By Neo Xin Yuan (21A01D)
Raffles Reads is a collaboration between Raffles Press and Times Reads which aims to promote a reading culture among Singaporean students.
Providence is wiser than you, and you may be confident it has suited all things better to your eternal good than you could do had you been left to your own option.
So begins Max Barry’s latest sci-fi novel Providence. The above quote, taken from John Flavel’s The Mystery of Providence, is truly an apt epigraph, effectively encapsulating the overarching theme of the similarly named Providence.
Providence is an interesting choice of title. Having studied related English Renaissance poems, H2 Literature students would be all too familiar with the idea of Providence. In theology, Providence is God, or a force which is believed by some people to arrange the things that happen to us. In the novel Providence, it’s a concept Barry integrates cleverly into the realm of science fiction, probing us to approach technology from a fresh perspective.
Max Barry is no stranger to sci-fi. For those unfamiliar with Barry’s work, the acclaimed author is known for his bestseller Lexicon, a heart-pounding thriller with a sci-fi twist. Science fiction is known and loved for its thrilling modernity—how seemingly impossible notions can become reality overnight, integrating themselves seamlessly into our daily lives until we don’t know what’s impossible and what has already been done. “Everything’s science fiction until someone makes it science fact,” quips a quote from popular sci-fi novel Warcross, and this rings especially true in Providence. In the same way that the characters are catapulted miles away from Earth and into space, the reality of fearsome, over-intelligent artificial intelligence (AI) spaceships might seem far, far away, or even utterly ludicrous to us.
But that’s not quite true—there are little facets of this fictional world that hit too close to home, be it the fear that AI will eventually surpass us and overcome the need for human intervention, or the ‘feeds’ (think futuristic Instagram) that one of the main characters, Talia, uses to obsessively construct the perfect image of herself and the war. I can certainly imagine the events of Providence taking place in the not-so-far future, maybe half a decade down the road, as humans become more and more intelligent. They innovate, invent and create more and more ingenious technologies—until they realise they have been rendered unnecessary by their own creations.
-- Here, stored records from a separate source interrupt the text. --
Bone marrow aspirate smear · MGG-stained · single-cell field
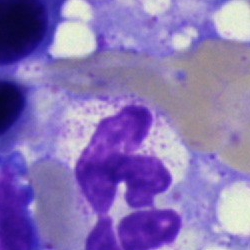 The cell type is segmented neutrophil.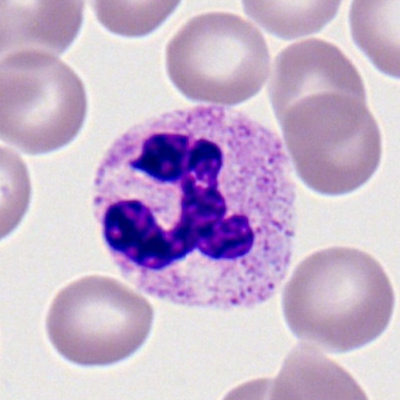Morphological class = segmented neutrophil.
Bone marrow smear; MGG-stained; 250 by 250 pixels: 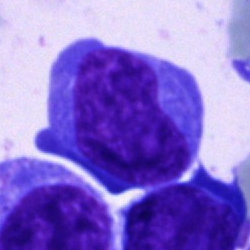 Cell type: blast cell.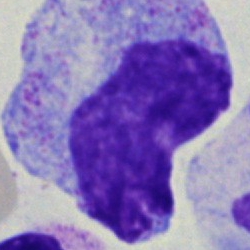

Morphology → promyelocyte.
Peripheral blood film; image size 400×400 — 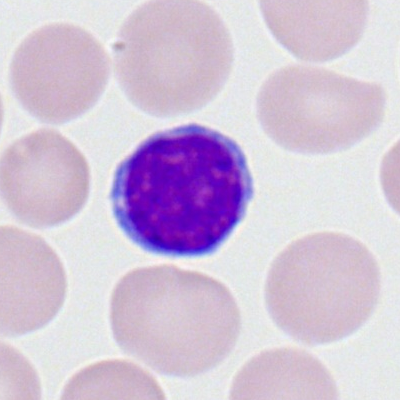

Myeloblast.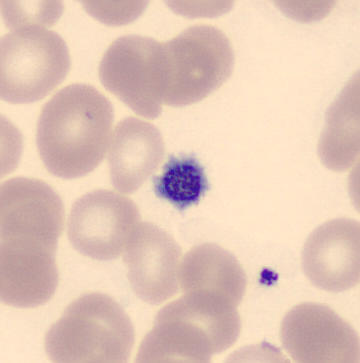Specimen: peripheral blood film.
Morphological class: thrombocyte.
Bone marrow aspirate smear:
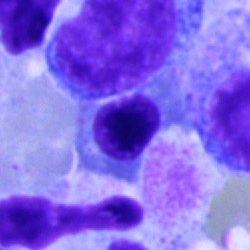Morphological class = erythroblast.
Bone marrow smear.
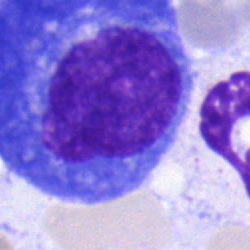

Cell type — plasma cell.
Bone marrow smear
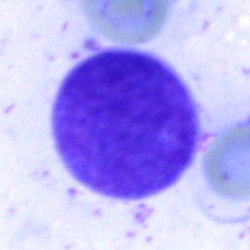
Showing an unidentifiable cell.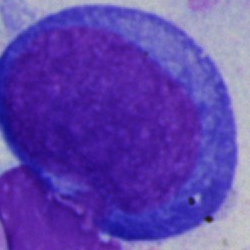Cell type — proerythroblast.
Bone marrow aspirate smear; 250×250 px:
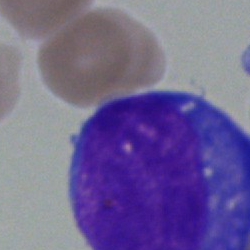

Q: What type of cell is this?
A: This is a blast cell.
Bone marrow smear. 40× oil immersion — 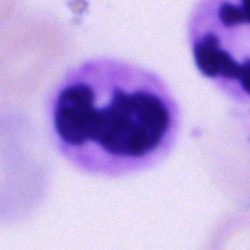This is a polymorphonuclear neutrophil.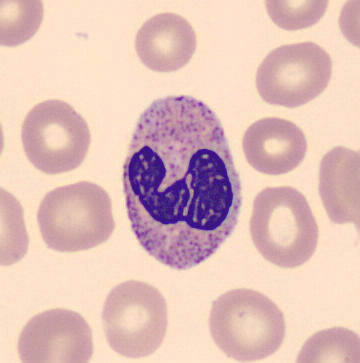This is a polymorphonuclear neutrophil.
Acquisition: 360×363; peripheral blood film; CellaVision DM96.
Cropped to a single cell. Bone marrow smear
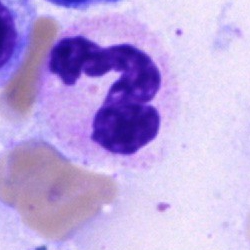

Specimen: bone marrow smear.
Cell: neutrophil (segmented).
Lineage: myeloid.
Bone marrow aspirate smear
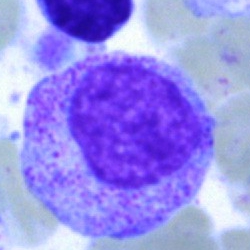 Specimen: bone marrow aspirate smear.
Cell: myelocyte.
Lineage: myeloid.
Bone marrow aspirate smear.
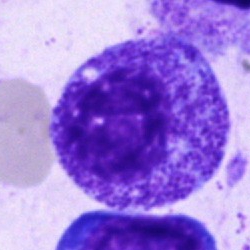

Q: What cell is this?
A: Promyelocyte.
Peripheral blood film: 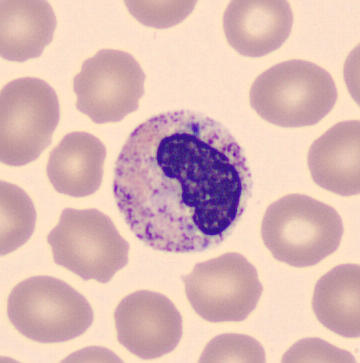 This is a stab cell.
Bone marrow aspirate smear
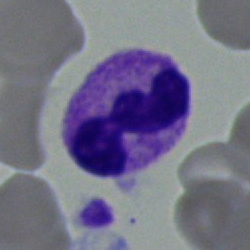
Q: What is the morphological classification of this cell?
A: It is a polymorphonuclear neutrophil.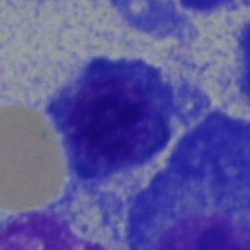
Showing a plasmacyte.
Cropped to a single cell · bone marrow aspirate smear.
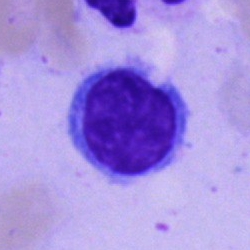 Cell: lymphocyte.
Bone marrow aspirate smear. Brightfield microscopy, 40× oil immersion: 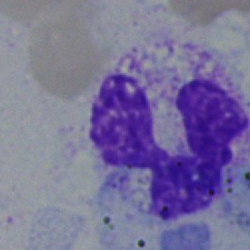 The cell shown is a neutrophil (segmented).

The novel starts off with a gut-wrenching scene in the ever-compelling second person narrative voice, plunging you right into the heart of the world and the root of the story. Set seven years after the same scene that sparked the ongoing war, the four stars of the show—Gilly, Talia, Anders and Jackson—are ready for takeoff. They all know what has brought them here: salamanders. Salamanders are bulky alien creatures with six limbs and translucent resin covering their faces. Seven years ago, four people were on a ship in space when they discovered these strange creatures for the first time.
It wasn’t long before the salamanders killed every person on board.
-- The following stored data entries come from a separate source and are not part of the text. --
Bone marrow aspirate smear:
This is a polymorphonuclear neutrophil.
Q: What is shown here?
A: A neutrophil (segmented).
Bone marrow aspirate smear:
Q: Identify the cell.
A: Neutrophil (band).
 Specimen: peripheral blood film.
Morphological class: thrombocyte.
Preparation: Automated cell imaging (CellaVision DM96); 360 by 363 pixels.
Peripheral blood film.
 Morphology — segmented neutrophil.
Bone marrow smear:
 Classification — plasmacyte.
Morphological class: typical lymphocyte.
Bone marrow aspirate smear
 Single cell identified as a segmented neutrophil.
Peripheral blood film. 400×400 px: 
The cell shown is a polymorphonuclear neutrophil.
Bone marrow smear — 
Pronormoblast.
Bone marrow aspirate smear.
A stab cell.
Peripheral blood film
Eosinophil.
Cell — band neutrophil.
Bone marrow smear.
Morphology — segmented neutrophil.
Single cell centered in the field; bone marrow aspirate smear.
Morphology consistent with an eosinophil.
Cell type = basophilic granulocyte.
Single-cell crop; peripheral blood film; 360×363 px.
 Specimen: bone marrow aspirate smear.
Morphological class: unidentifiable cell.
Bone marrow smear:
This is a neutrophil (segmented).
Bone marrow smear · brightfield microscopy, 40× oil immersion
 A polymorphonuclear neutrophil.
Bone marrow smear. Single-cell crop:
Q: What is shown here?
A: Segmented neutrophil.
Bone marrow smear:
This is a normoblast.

“The salamanders don’t speak. They don’t try to communicate. They just kill him. You don’t know why. There are a lot of theories. Some people say it wasn’t their fault. We wandered into their territory and they defended it. They’re mindless animals, unaware of what they’re doing. Something Maladanto did registered to them as a threat. There are a lot of opinions. All you know is that when the video finally, mercifully stops, you want to kill salamanders, as many as you can.”
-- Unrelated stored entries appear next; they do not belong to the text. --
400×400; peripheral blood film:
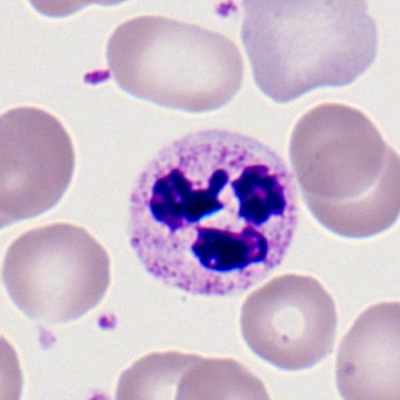Morphology consistent with a neutrophil (segmented).
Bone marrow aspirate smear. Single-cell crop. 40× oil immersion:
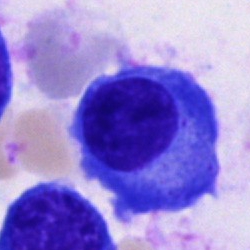 Specimen: bone marrow smear.
Classification: plasma cell.
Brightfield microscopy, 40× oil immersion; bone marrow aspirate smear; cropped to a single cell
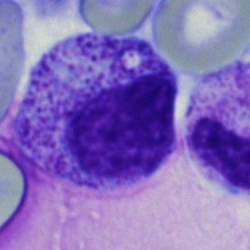 Myelocyte.
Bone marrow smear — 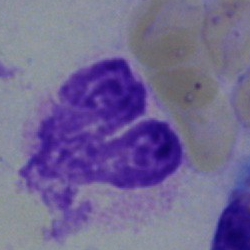
Cell type: segmented neutrophil.
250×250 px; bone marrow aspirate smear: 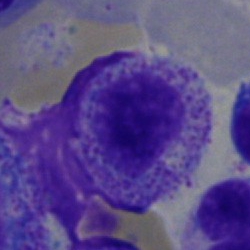

{"cell_type": "myelocyte", "lineage": "myeloid"}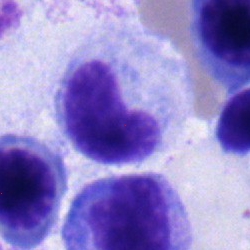

Bone marrow aspirate smear, single cell — metamyelocyte.
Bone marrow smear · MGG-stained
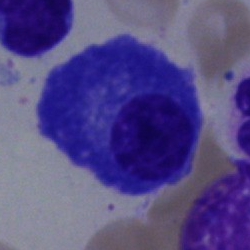 Q: Which cell type is shown here?
A: A plasmacyte.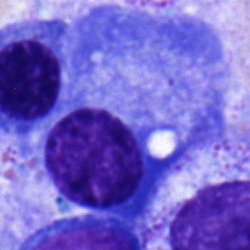

Cell = plasma cell.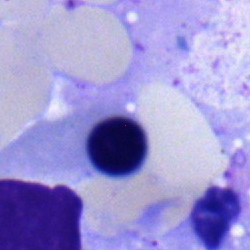 Specimen: bone marrow aspirate smear.
Cell: erythroblast.

The four characters have been carefully selected and trained to board one of the most effective salamander-killers Man has ever created—a Providence, a ship equipped with the most advanced AI technology. When it comes to battling salamanders, it has the most astute judgement, making decisions better and faster than any human ever could in the heat of battle. Hence the title Providence, where the ship’s AI fights for them.
The team consists of Gilly, the Intel Officer, Talia, the Life Officer, Anders, the Weapons Officer and Jackson, the Command Officer. They each oversee different aspects of the ship, much like the pilots in Voltron: Legendary Defender. But it soon becomes clear to us that they are simply pawns in a game larger than themselves—the Providence is king, and they are just carefully constructed media personalities for the common people to consume. The media creates the façade that humans are the heroes, the ones doing the fighting, when in reality, the ship does everything for them.
It’s for this reason that the characters stand out the most in Providence. The book is told from all four characters’ perspectives, which makes for interesting disparities between one character’s perception of the ship and another’s, and what the characters think of one another. In a cramped, narrow ship sailing in uncharted outer space where the only company they have is each other (and the ship), the relationships between the four characters are developed thoroughly and the characters themselves are well fleshed-out, with compelling backstories and unique motivations that are sure to make readers feel for them.
We start off with Gilly, or Gilligan, the Intel Officer. He’s your typical “nerdy tech guy”, hyper-fixated on logic and technical details, making him perfect for managing the engineering aspects of the ship—or at least, that’s our first impression of him. He’s very by-the-book, and a firm believer and preacher of the superiority of the ship’s decisions:
“Don’t question the ship. It’s smarter than you are.”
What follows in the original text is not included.